◆ **EXERCISE**: Pick each line containing the word "layout" out of the data below.

-- DATASET RECORDS follows --

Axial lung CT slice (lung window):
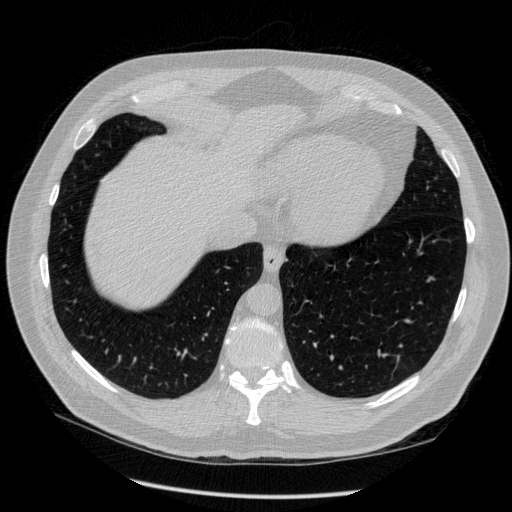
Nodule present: no
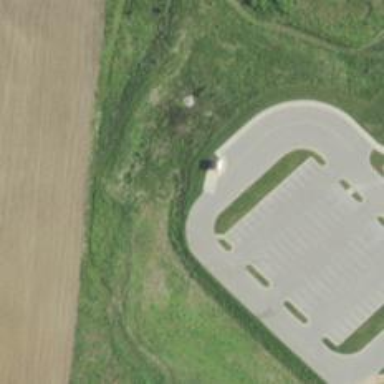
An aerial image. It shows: Parking area with asphalt surface.
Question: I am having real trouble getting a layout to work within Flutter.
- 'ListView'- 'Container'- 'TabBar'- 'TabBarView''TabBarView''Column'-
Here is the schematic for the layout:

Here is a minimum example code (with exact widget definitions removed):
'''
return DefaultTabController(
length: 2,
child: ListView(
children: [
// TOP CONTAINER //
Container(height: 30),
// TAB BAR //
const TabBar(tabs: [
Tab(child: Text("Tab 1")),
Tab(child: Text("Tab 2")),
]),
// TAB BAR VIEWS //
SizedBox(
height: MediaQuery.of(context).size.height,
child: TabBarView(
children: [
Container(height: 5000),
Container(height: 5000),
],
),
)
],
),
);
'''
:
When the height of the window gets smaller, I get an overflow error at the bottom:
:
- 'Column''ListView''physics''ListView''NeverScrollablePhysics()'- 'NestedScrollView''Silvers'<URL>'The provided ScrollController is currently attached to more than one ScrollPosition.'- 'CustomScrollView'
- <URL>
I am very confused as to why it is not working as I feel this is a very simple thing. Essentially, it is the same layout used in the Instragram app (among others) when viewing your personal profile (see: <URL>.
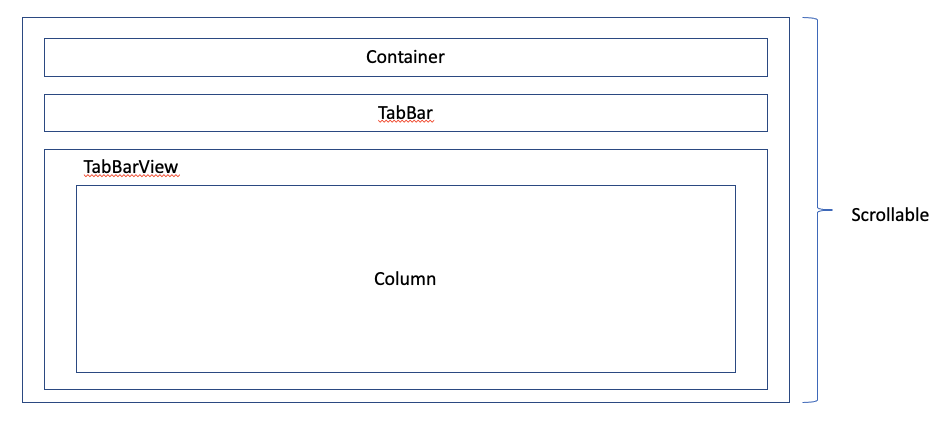
Answer: From the comments you can wrap your page in a 'singlechildscrollview', disable scroll physics for the listview as the parent is already scrollable.
'''
return SIngleChildScrollView(child: DefaultTabController(
length: 2,
child: ListView(
physics: NeverScrollableScrollPhysics(),
children: [
// TOP CONTAINER //
Container(height: 30),
// TAB BAR //
const TabBar(tabs: [
Tab(child: Text("Tab 1")),
Tab(child: Text("Tab 2")),
]),
// TAB BAR VIEWS //
SizedBox(
height: MediaQuery.of(context).size.height,
child: TabBarView(
children: [
Container(height: 5000),
Container(height: 5000),
],
),
)
],
),
));
'''
** Option2 **
you can use a 'customScrollView' or a 'nestedScrollView'
'''
DefaultTabController(
length: 2,
child:
CustomScrollView(
slivers: [
SlivertoboxAdapter(child: // TOP CONTAINER //
Container(height: 30),
SlivertoboxAdapter(child: // TAB BAR //
const TabBar(tabs: [
Tab(child: Text("Tab 1")),
Tab(child: Text("Tab 2")),
]),
//... Sliverfillremaining/slivettoboxadapter for your tabbarview
SlivertoboxAdapter(child:TabBarView(
children: [
Container(height: 5000),
Container(height: 5000),
],
),
'''

-- DATASET RECORDS concluded --

◆ **EXPECTED ANSWER**:
Question: I am having real trouble getting a layout to work within Flutter.
Here is the schematic for the layout:
I am very confused as to why it is not working as I feel this is a very simple thing. Essentially, it is the same layout used in the Instragram app (among others) when viewing your personal profile (see: <URL>.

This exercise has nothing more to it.